Sheetal felt coated in invisible slime. Had this creature, a spirit that had possessed a corpse to get around, just read her mind? “I’m looking for the harp sisters. Do you know where I can find them?”
“Find yourself first, little child caught between. Always floating, always seeking,” the vetala said. His smile grew sharper. “Did I mention that with practice, you can visit each of the worlds in the jar?”
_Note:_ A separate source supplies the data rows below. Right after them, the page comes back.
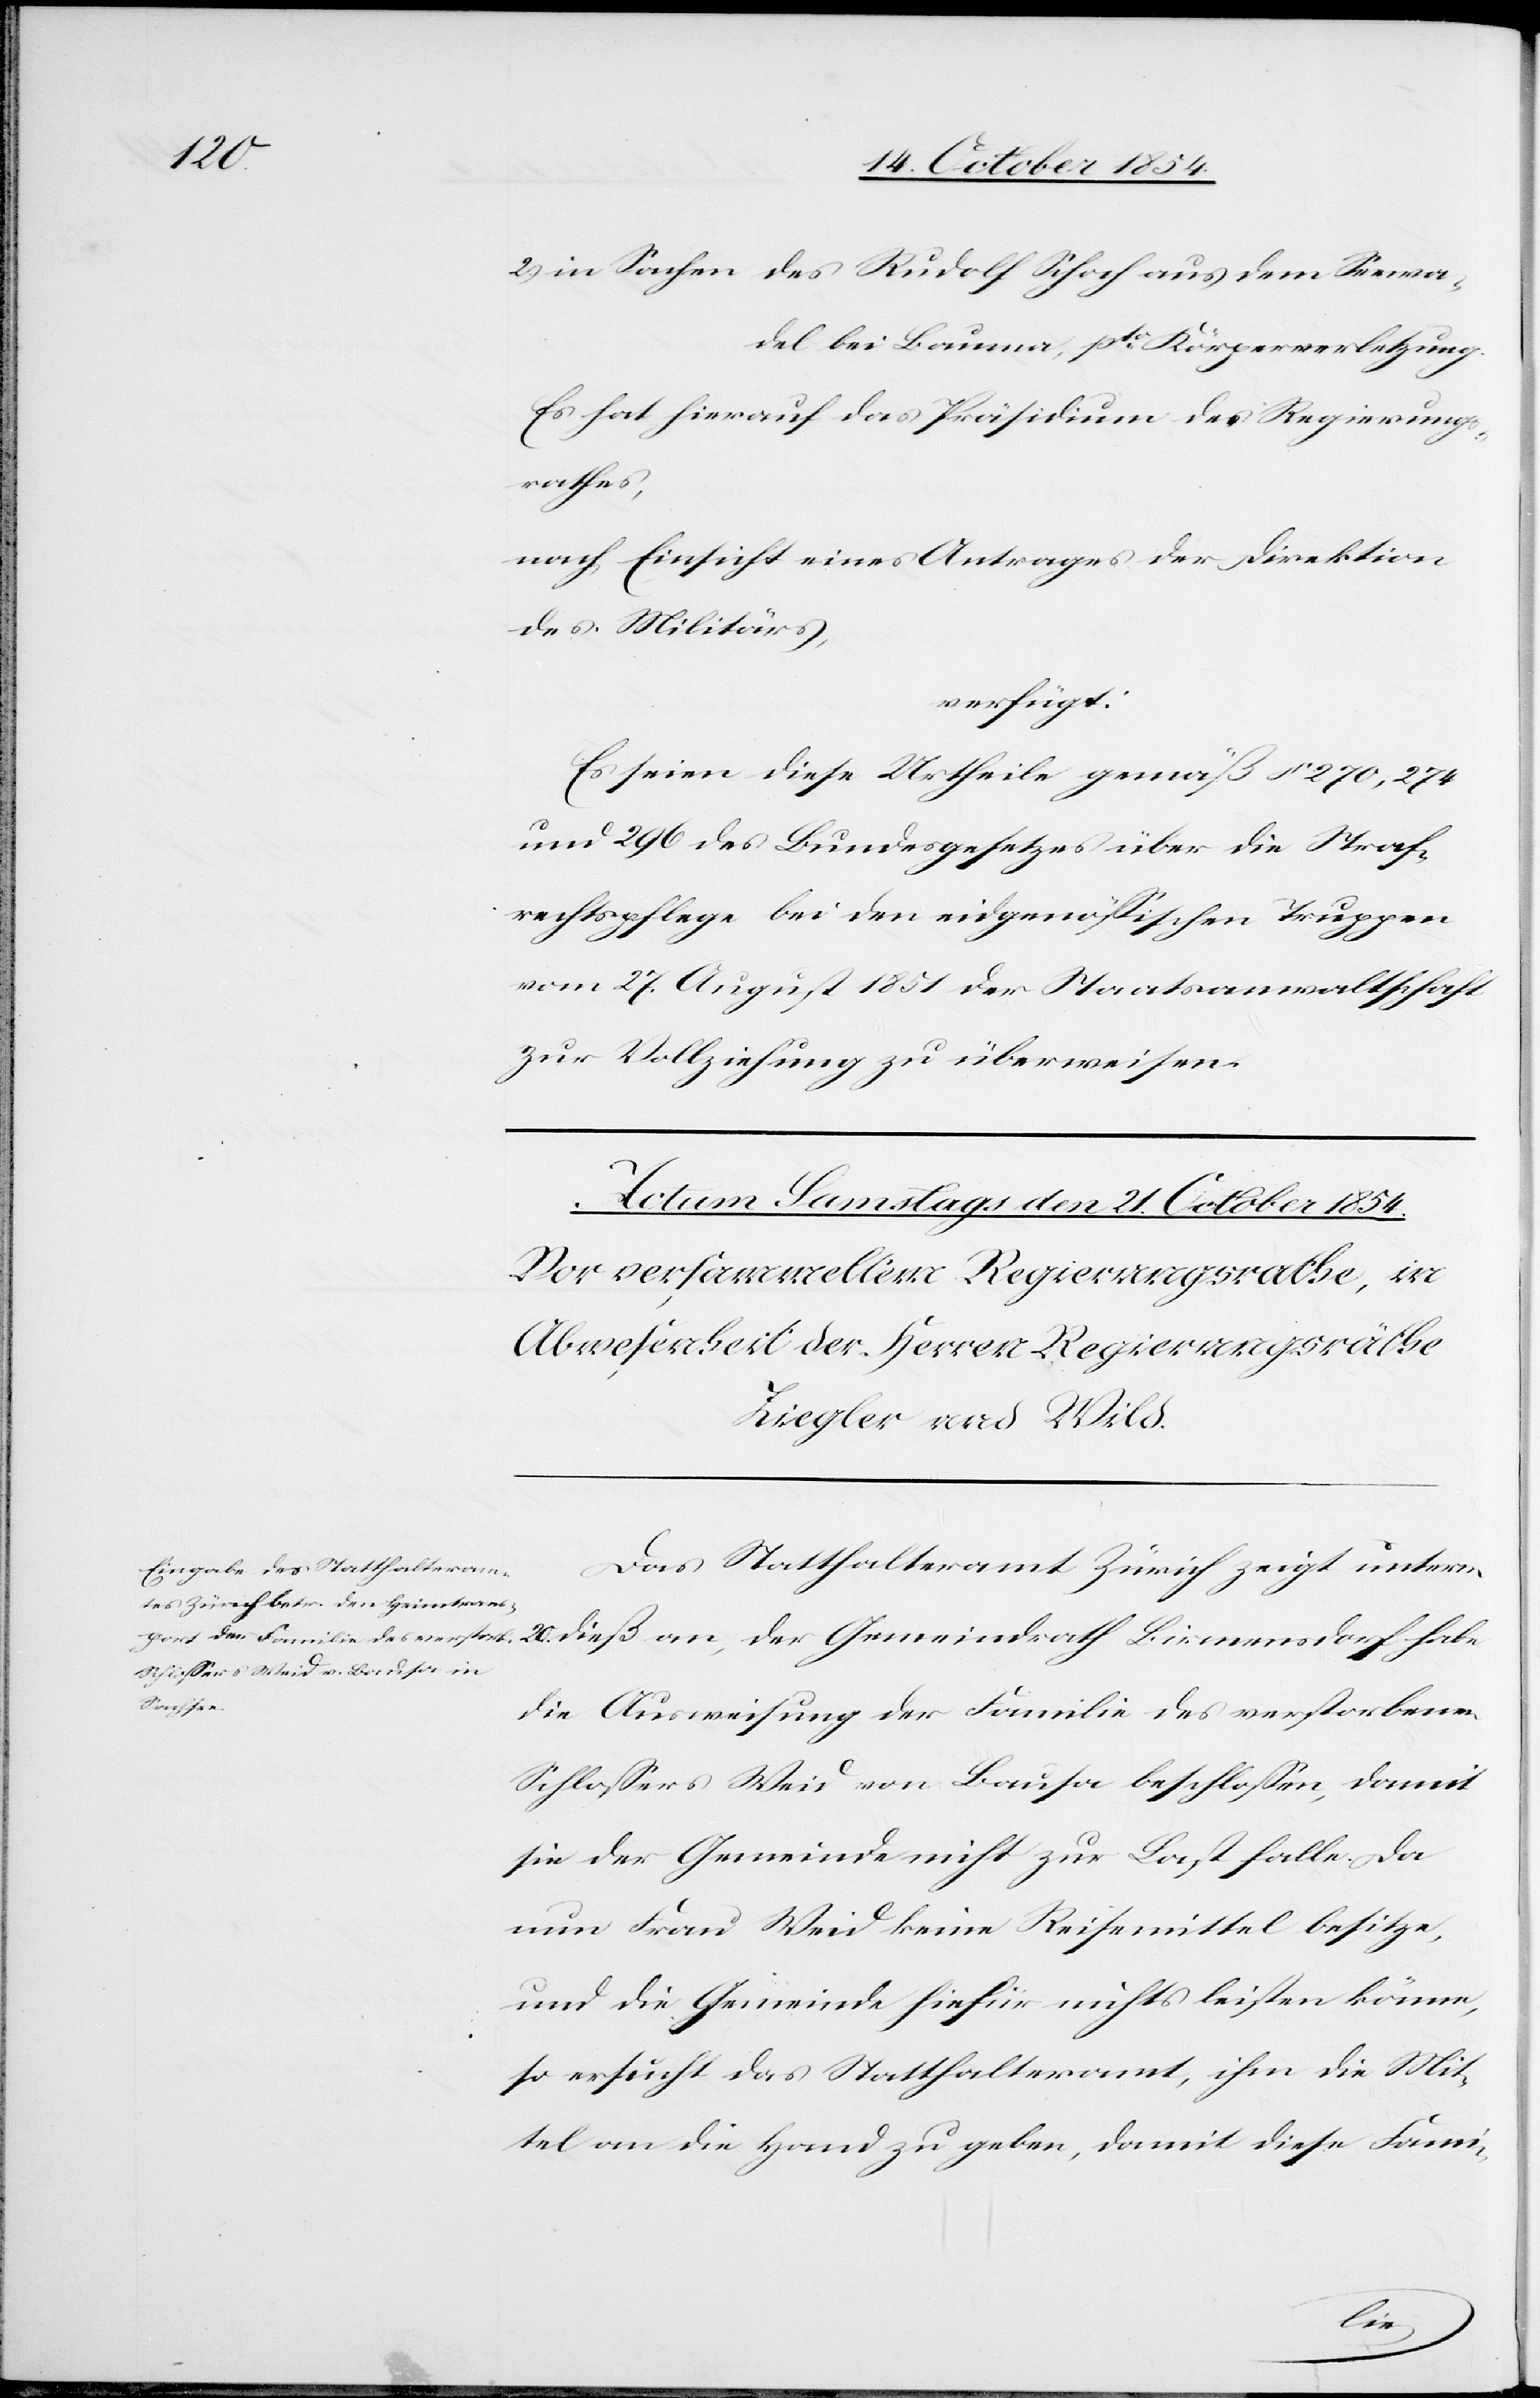
2.) in Sachen des Rudolf Schoch aus dem Seewa¬
del bei Bauma, pto Körperverletzung.
Es hat hierauf das Präsidium des Regierungs¬
rathes,
nach Einsicht eines Antrages der Direktion
des Militärs,
verfügt:
Es seien diese Urtheile gemäß § 270, 274
vom 27. August 1851 der Staatsanwaltschaft
zur Vollziehung zu überweisen.
Das Statthalteramt Zürich zeigt unterm
20. dieß an, der Gemeindrath Birmensdorf habe
die Ausweisung der Familie des verstorbenen
Schloßers Weid von Bausa beschloßen, damit
sie der Gemeinde nicht zur Last falle. Da
nun Frau Weid keine Reisemittel besitze,
und die Gemeinde hiefür nichts leisten könne,
so ersucht das Statthalteramt, ihm die Mit¬
tel an die Hand zu geben, damit diese Fami-
den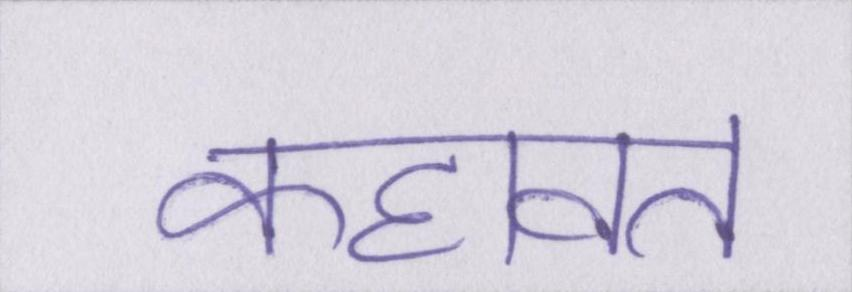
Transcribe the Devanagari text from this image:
कहावत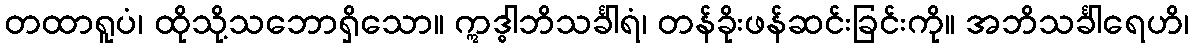
တထာရူပံ၊ ထိုသို့သဘောရှိသော။ ဣဒ္ဓါဘိသင်္ခါရံ၊ တန်ခိုးဖန်ဆင်းခြင်းကို။ အဘိသင်္ခါရေဟိ၊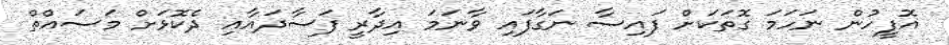
އޮފީހުން ނަހަމަ ގޮތަކަށް ފައިސާ ނަގާފައި ވާނަމަ އިދާރީ ފަސާދައާއި ދެކޮޅަށް މަސައްތް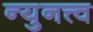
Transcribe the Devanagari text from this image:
न्युनत्त्व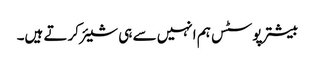
بیشتر پوسٹس ہم انہیں سے ہی شیئر کرتے ہیں۔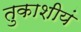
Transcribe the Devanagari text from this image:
तुकाशीयं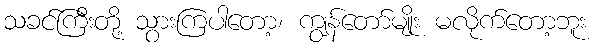
သခင်ကြီးတို့ သွားကြပါတော့၊ ကျွန်တော်မျိုး မလိုက်တော့ဘူး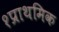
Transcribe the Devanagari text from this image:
१प्राथमिक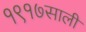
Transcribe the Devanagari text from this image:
१९१७साली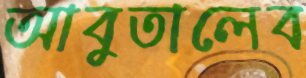
আবুতালেব
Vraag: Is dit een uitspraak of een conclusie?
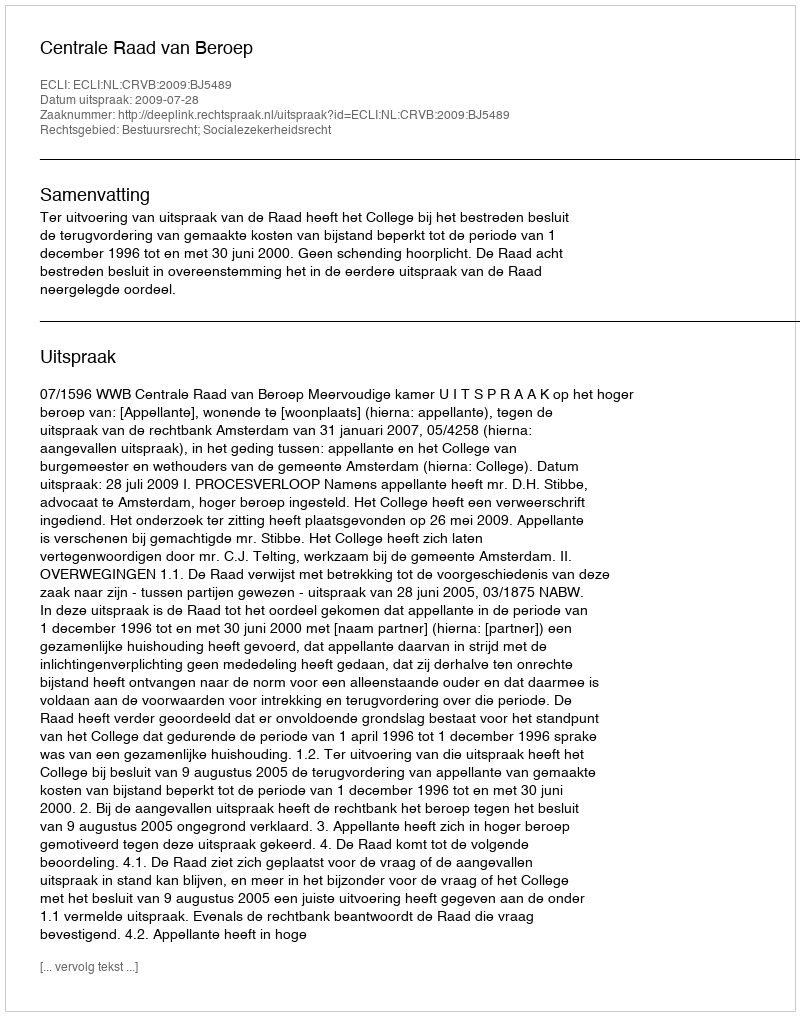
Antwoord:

For a sliver of an instant, Sheetal let herself imagine slipping away to another world, one where she might find answers scattered like coins from a change purse. Or better, an alternate timeline in which Charumati had stayed, Dad was fine, stars walked freely among humans again, and Dev had no ugly family history. A place where Sheetal could just relax. That sounded like the true heavenly realm.
She was so tempted, it hurt.
“My price is so small, a pittance. Merely a piece of you. I know—how about a prized memory?”
An image broke through her thoughts, Charumati’s warm lips brushing five-year-old Sheetal’s forehead the day Dad unscrewed the training wheels from her bike and gave it a first push into independence. I can do it, Mommy, she’d insisted, nervous but trying not to show it. Take them off!